New England Healthcare Institute (NEHI), a nonprofit research organization with ties to the pharmaceutical industry, health insurers and academia, estimates that one third to one half of all patients in the U.S. do not take their medications as prescribed by their doctors. [Actually, regarding that percentage, NEHI may be quoting the World Health Organization, which may be getting its figures from the pharmaceutical industry, which may just be making them up.]
“Adherence” is the technical term used by the pharma industry for “following doctor’s orders” about taking medication.
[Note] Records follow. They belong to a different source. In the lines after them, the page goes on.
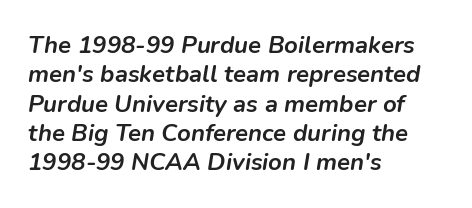
The image shows 24 px bold type, italic (leaning right); set left-aligned, line spacing 1.22x, normal letter spacing, not underlined.
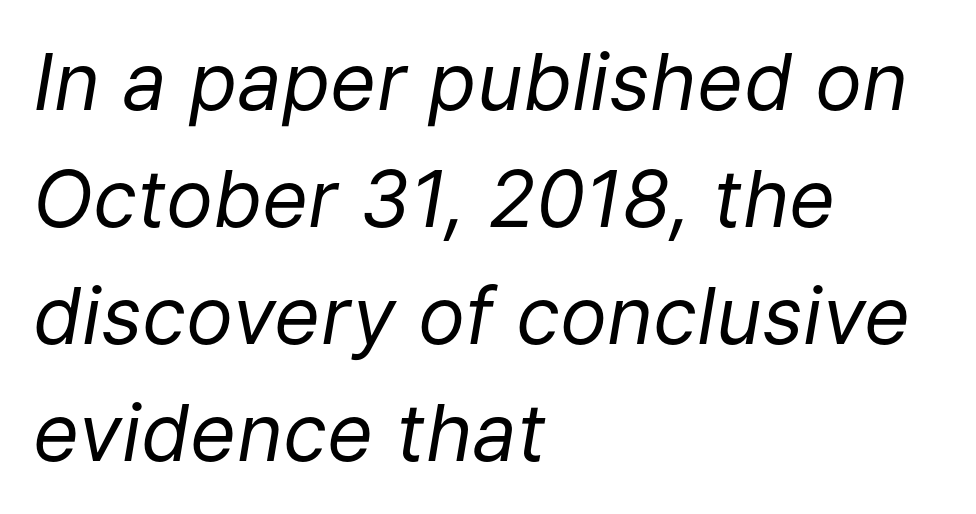
Q: Is the text bold? A: No.
Q: Is the text italic (slanted)? A: Yes, it leans right by about 9 degrees.
Q: Is the text underlined? A: No.
Q: How is the paragraph aligned? A: Left-aligned.
Q: Is the spacing between letters normal or unusually wide? A: Normal.
Q: Is the spacing between lines tight, normal or loose? A: Normal.
Q: Width (condensed, normal, or wide)? A: Normal.
Q: Stroke contrast? A: Low.
Q: x-height? A: Medium.
Q: Monospaced? A: No.
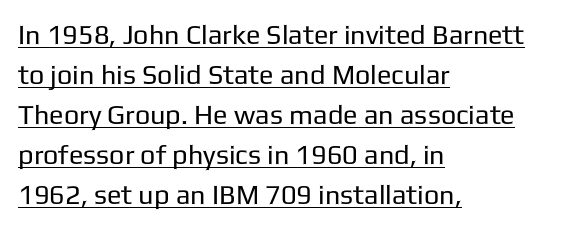
Q: Is the text bold? A: No.
Q: Is the text italic (slanted)? A: No, it is upright.
Q: Is the text underlined? A: Yes.
Q: How is the paragraph aligned? A: Left-aligned.
Q: Is the spacing between letters normal or unusually wide? A: Normal.
Q: Is the spacing between lines tight, normal or loose? A: Normal.

NEHI suggests many reasons for the poor “adherence” behavior of Americans, including:
- side effects
- the challenge of managing multiple prescriptions (polypharmacy)
- patients’ understanding of their disease
- cultural and belief systems
- imperfect drug regimens
- patients’ ability to navigate the health care system
- cognitive impairments
- a reduced sense of urgency due to asymptomatic conditions
“In general,” says NEHI, “adherence rates are lower among patients with chronic conditions than among those with acute conditions.” NEHI estimates poor adherence poses an increased risk of hospitalizations due to poor health outcomes, resulting in significant excess costs that are passed along to everyone via higher insurance/co-pay rates. “Since a full 75 percent of U.S. health care spending goes to the treatment of chronic disease, poor medication adherence presents a serious roadblock to efforts to improve health care efficiency and affordability.”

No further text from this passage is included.